Because it's such a drastic change to the underlying code, I'd like to have it in limited beta release before doing a final release via the Arduino Library Manager. So that means that if you would like to try it (and I encourage you to do so), then you'll need to install it manually, which isn't terribly difficult.

Go here and click on the green button on the upper right that says "Clone or download". Select "Download ZIP". Next, find where on your filesystem your Arduino libraries folder resides and delete the existing "Etherkit Si5351" folder. Inside the ZIP file you just downloaded, there is a folder entitled "Si5351Arduino-libupdate". Unzip this folder into the Arduino libraries folder, and then restart the Arduino IDE.

Since this is a new major version release, I took the opportunity to tweak the interface a bit, which means that you'll have to adjust your current code to work with the new library (but fortunately not too much). You'll find the details on how to do that here.

Please check out the updated documentation on the GitHub page, as it has been greatly expanded and should explain all of the new features in detail. Also, quite a few new example sketches have been added to the library, which you can find in the usual place in the Arduino IDE. I encourage you to try the new library in your existing projects, as it should be a bit more streamlined and stable. Also, there is plenty of opportunity to make new projects with the B and C variant ICs. If you do encounter any problems with the new library version, I would like to strongly encourage you to use the Issues feature of GitHub to let me know so that I can get on to fixing it as soon as possible.
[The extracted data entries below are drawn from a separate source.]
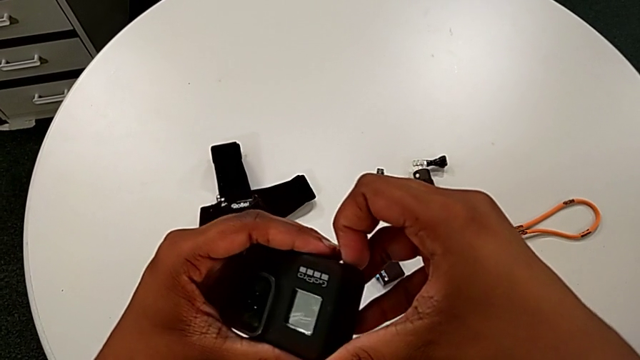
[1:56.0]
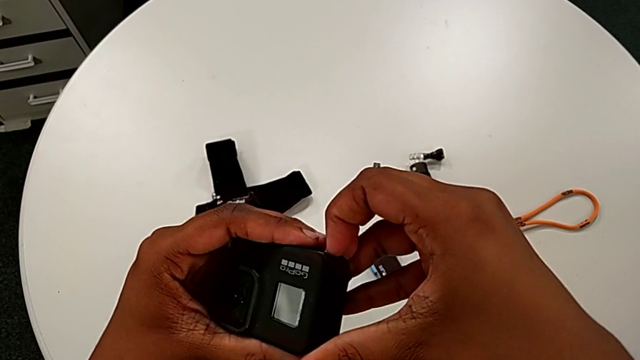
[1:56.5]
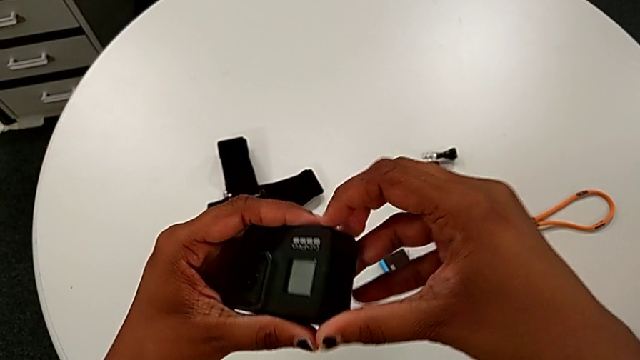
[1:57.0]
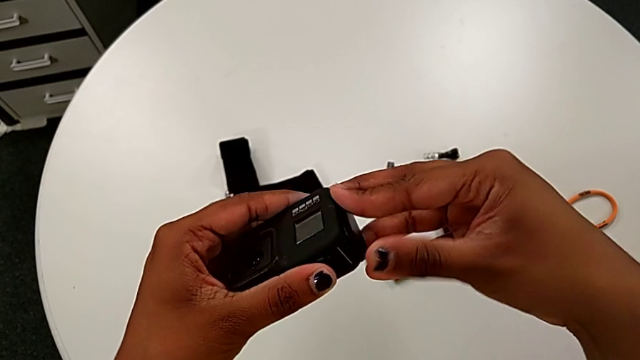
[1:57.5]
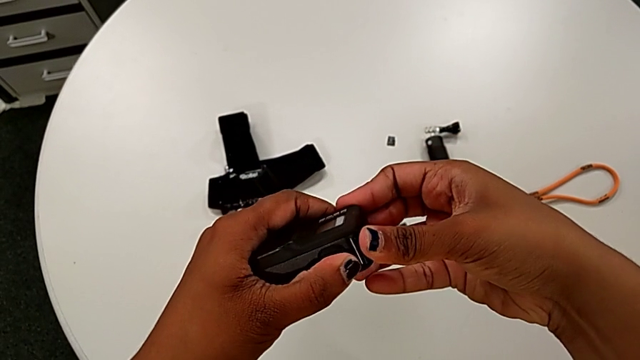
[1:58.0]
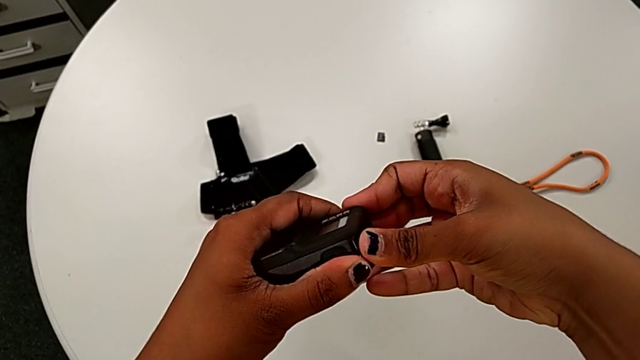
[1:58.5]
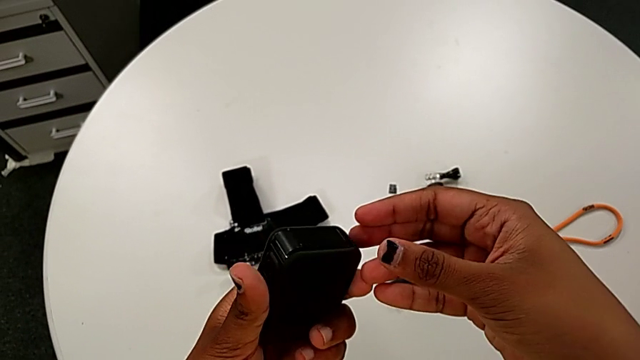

When I'm satisfied that there are no big show-stopper bugs in the code, I'll merge it to the master branch of the repository and tag it for release via the Arduino Library Manager, but I need help in testing it before I can do that.

Once there's a stable release of this version of the library out in the wild, then I'll be able to move forward with other projects based on this Si5351. With any luck, some more interesting things will be coming from this shack again in the near future. Thank you for all of your help and support!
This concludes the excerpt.